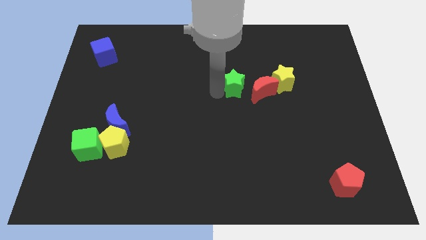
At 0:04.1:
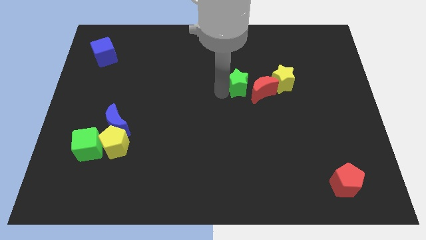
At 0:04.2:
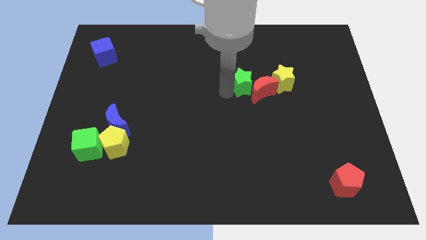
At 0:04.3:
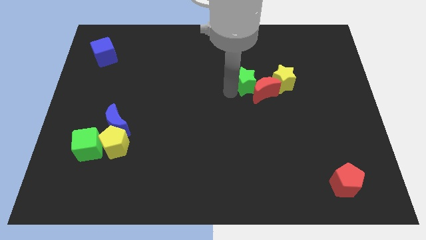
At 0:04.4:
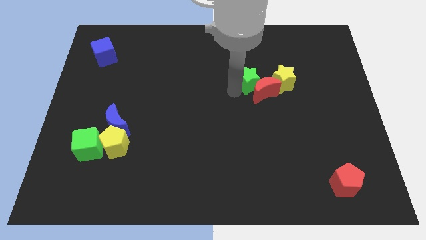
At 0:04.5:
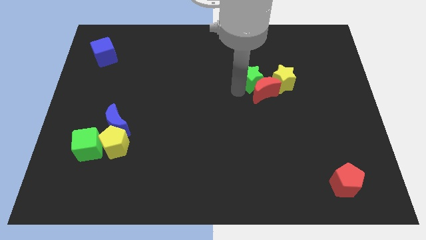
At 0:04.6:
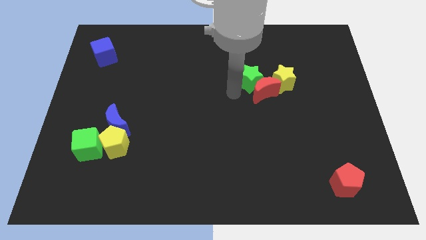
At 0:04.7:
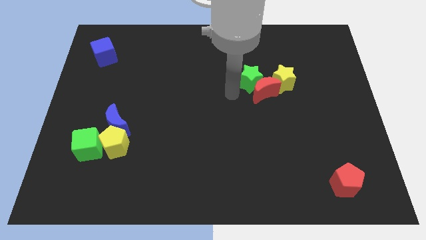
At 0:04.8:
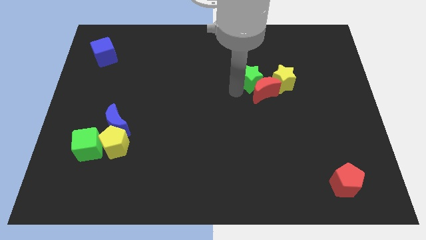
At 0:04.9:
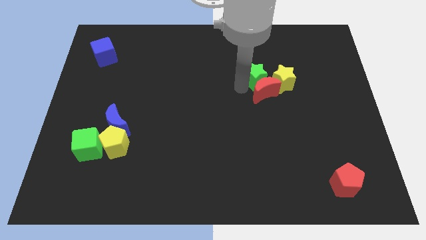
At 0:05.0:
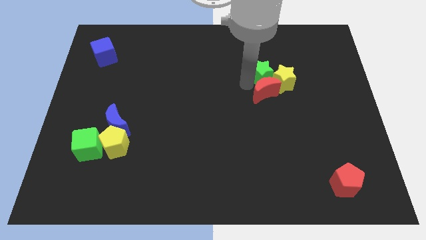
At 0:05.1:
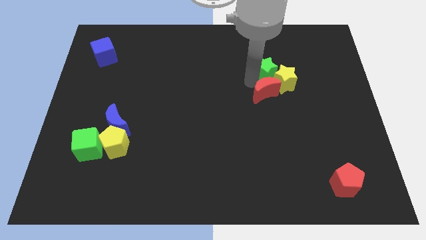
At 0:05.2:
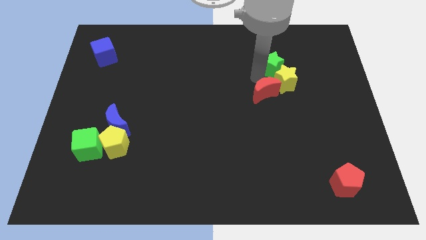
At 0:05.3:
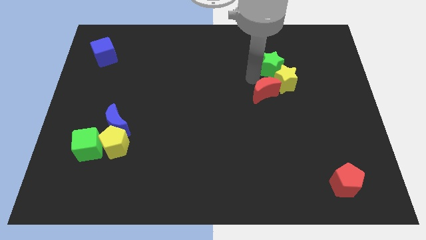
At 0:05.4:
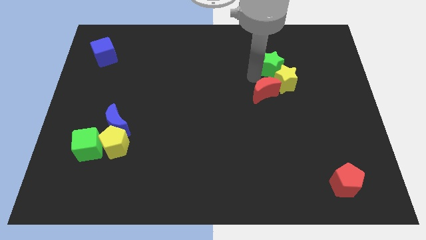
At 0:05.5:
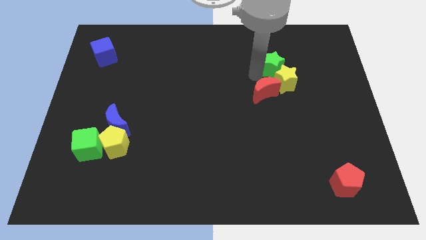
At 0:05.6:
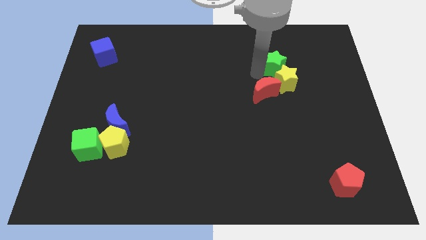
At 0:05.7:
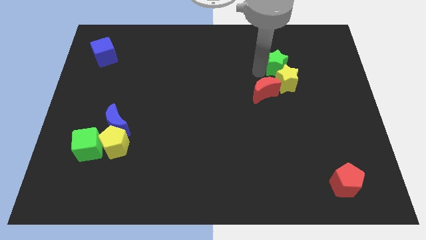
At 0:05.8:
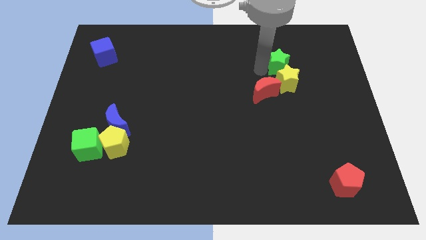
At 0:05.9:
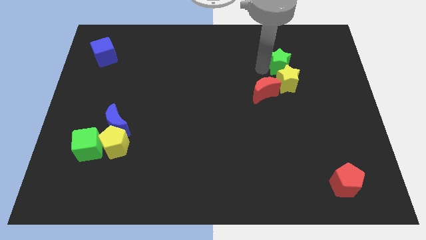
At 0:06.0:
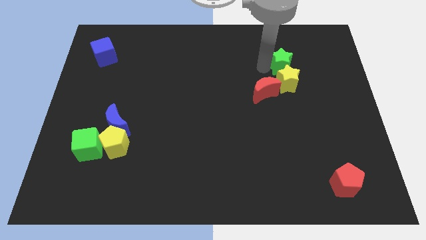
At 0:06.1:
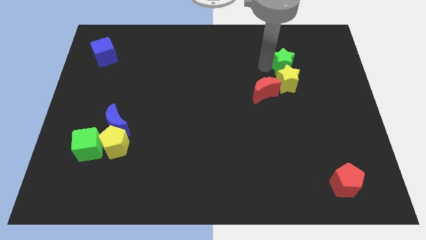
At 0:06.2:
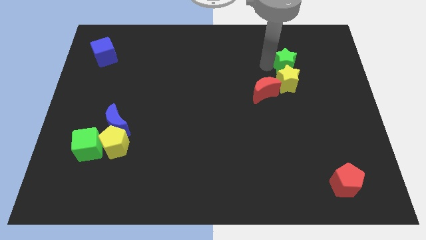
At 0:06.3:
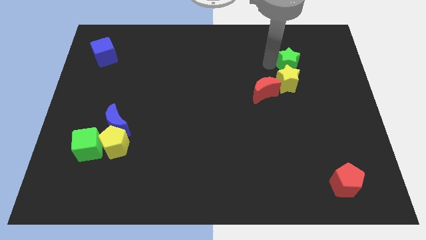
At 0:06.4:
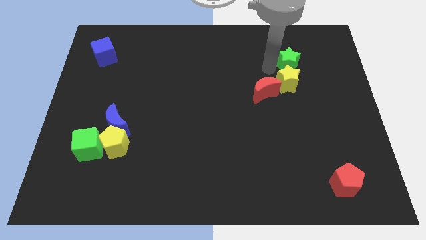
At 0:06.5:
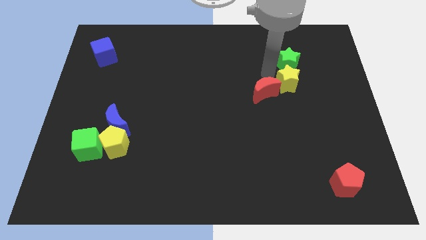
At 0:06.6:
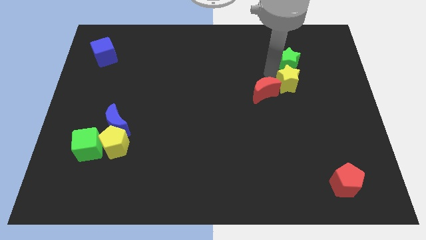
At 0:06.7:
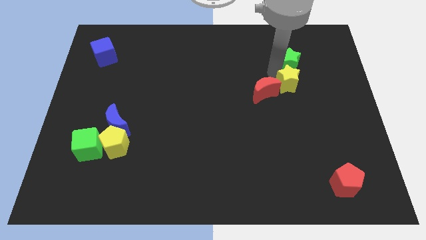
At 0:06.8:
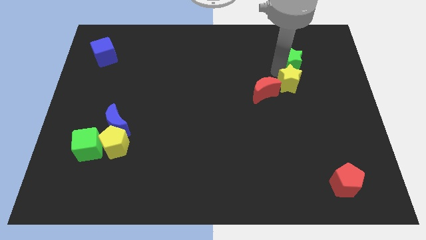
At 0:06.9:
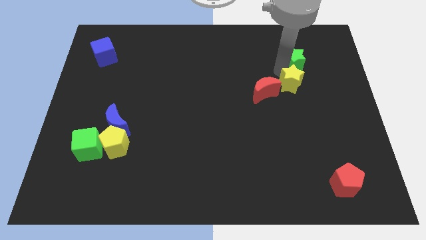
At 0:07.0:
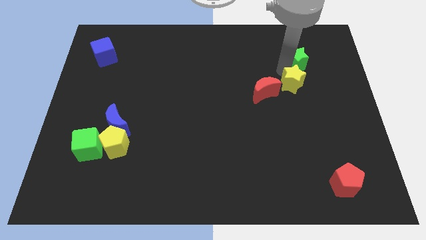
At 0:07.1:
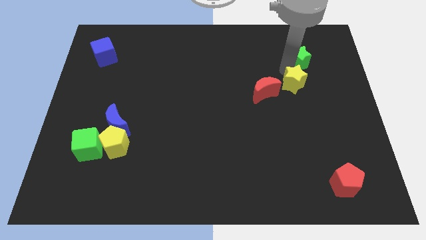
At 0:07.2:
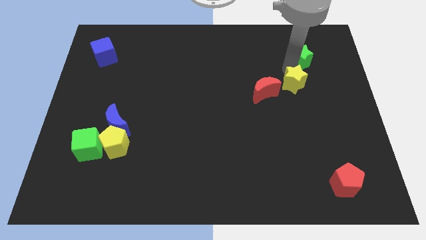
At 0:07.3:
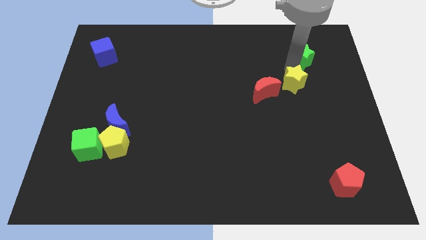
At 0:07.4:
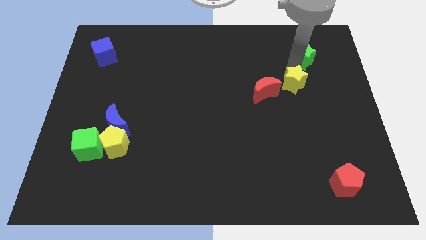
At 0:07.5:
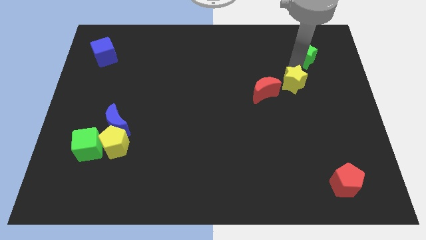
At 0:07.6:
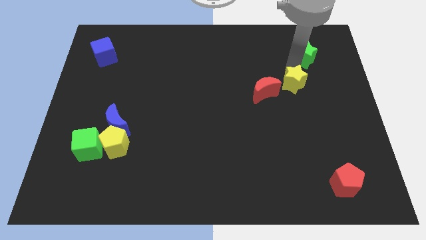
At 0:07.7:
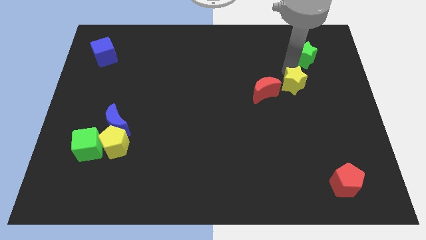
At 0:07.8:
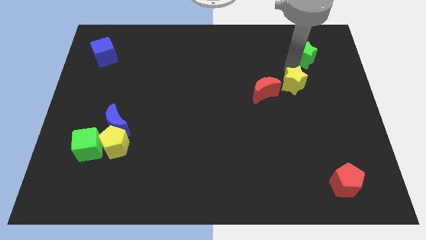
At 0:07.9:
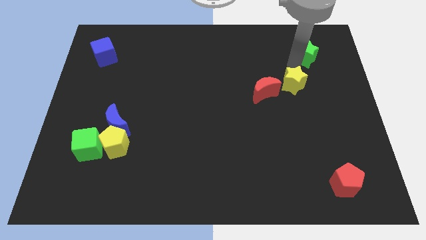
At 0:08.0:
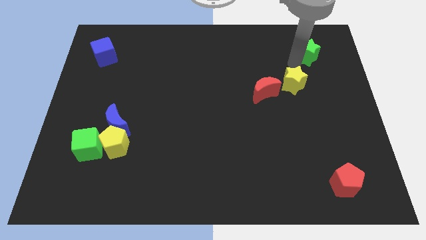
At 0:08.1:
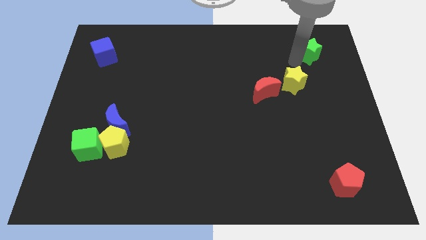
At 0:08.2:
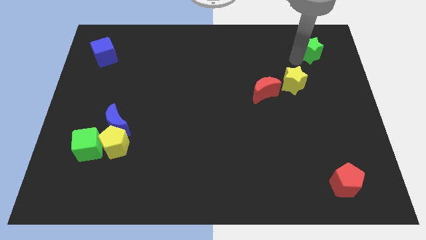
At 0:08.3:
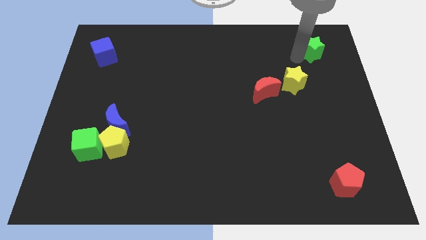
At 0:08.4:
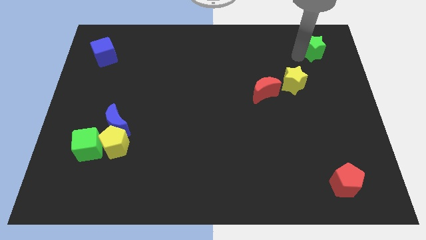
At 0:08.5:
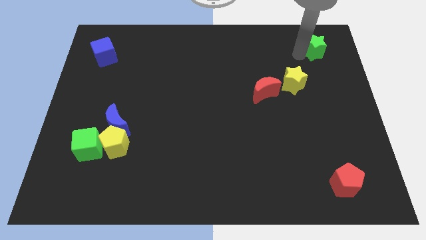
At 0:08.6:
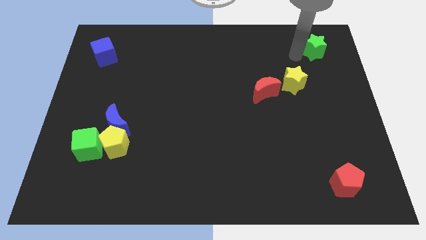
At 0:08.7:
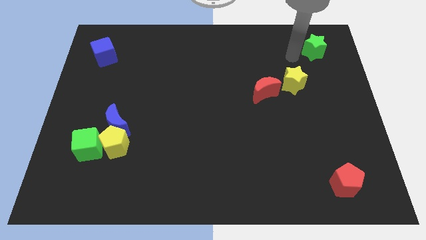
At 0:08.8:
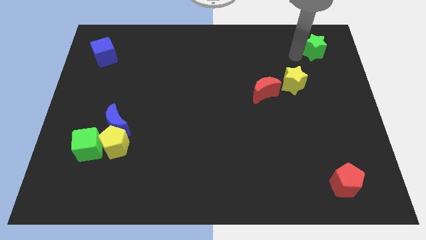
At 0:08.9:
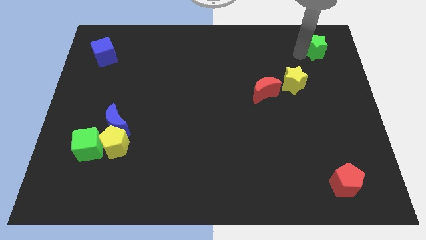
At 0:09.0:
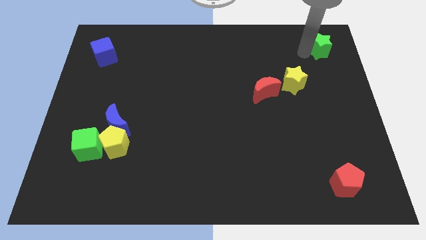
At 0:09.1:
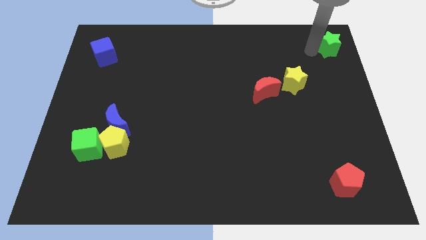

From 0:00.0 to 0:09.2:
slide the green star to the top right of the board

○ ○ ○ ○ ○ ○ ○

## Work instruction
Using the material above, return every line exactly as it appears, minus the pictures.

## Response
At 0:04.1:
At 0:04.2:
At 0:04.3:
At 0:04.4:
At 0:04.5:
At 0:04.6:
At 0:04.7:
At 0:04.8:
At 0:04.9:
At 0:05.0:
At 0:05.1:
At 0:05.2:
At 0:05.3:
At 0:05.4:
At 0:05.5:
At 0:05.6:
At 0:05.7:
At 0:05.8:
At 0:05.9:
At 0:06.0:
At 0:06.1:
At 0:06.2:
At 0:06.3:
At 0:06.4:
At 0:06.5:
At 0:06.6:
At 0:06.7:
At 0:06.8:
At 0:06.9:
At 0:07.0:
At 0:07.1:
At 0:07.2:
At 0:07.3:
At 0:07.4:
At 0:07.5:
At 0:07.6:
At 0:07.7:
At 0:07.8:
At 0:07.9:
At 0:08.0:
At 0:08.1:
At 0:08.2:
At 0:08.3:
At 0:08.4:
At 0:08.5:
At 0:08.6:
At 0:08.7:
At 0:08.8:
At 0:08.9:
At 0:09.0:
At 0:09.1:

From 0:00.0 to 0:09.2:
slide the green star to the top right of the board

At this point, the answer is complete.